Werte statt Wohlbefinden
Auch der Mutterpass lässt viel mehr Platz, um die Ergebnisse von in der Regel gar nicht in dieser Häufigkeit erforderlichen vaginalen Untersuchungen einzutragen. Da ist aber kaum Raum, etwas über das Befinden von Mutter und Kind zu notieren. Es gibt keinen Platz, um dort aufzuschreiben, dass das Baby vielleicht am Abend besonders aktiv ist oder die Mutter sich gerade sehr wohl fühlt.

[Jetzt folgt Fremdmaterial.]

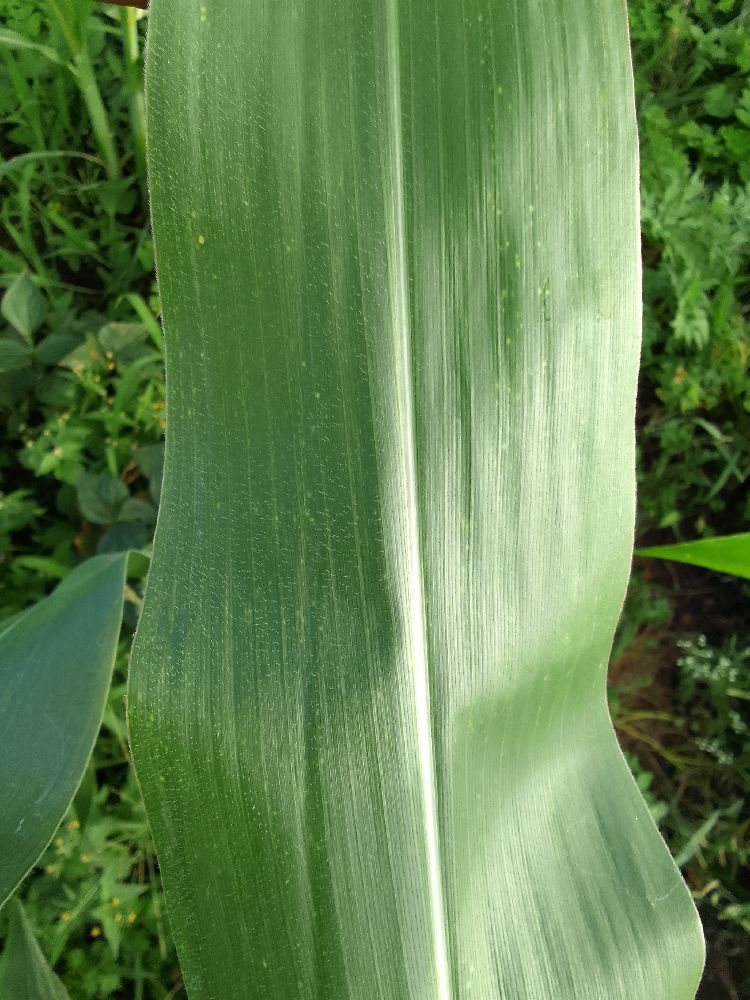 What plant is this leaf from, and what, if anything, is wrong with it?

maize, healthy

Stattdessen werden dort primär „Fehler“ gesucht – in der eigentlich meist ganz gut von alleine funktionierenden Lebensphase der Schwangerschaft. Und eine als gesund erlebte Schwangerschaft ist sicherlich die beste Geburtsvorbereitung. Denn als Frau lernt man dadurch, seinem Körper und seinem Kind zu vertrauen. Wichtige Voraussetzungen, um auch guter Hoffnung in die Geburt zu gehen.
Auch Väter sind oft eher verunsichert von der Vielzahl an Untersuchungen und Vermessungen des Kindes. Und wer fragt die eigentlich mal, wie es ihnen dieser neuen besonderen Lebensphase geht? Ebenso ist es bei nicht ganz komplikationslosen Schwangerschaftsverläufen sehr sinnvoll den Fokus auf die gesunden Anteile zu setzen. Denn gerade dann, wenn Schwierigkeiten vorhanden sind, ist doch die gute Hoffnung ganz besonders wichtig. Auch wenn in Deutschland die meisten Schwangeren primär zum Arzt und zur Geburt dann in ein Krankenhaus gehen, sind sie trotzdem nicht krank. Es ist erwiesen, dass Angst und Stress gesundheitliche Risiken für die Schwangerschaft erzeugen können. Es ist also längst Zeit, sich damit zu befassen, wie sich beides reduzieren lässt. Zum Beispiel durch eine Schwangerenvorsorge, bei der nicht nur ermittelte Werte, sondern auch das Wohlbefinden eine entscheidende Rolle spielen.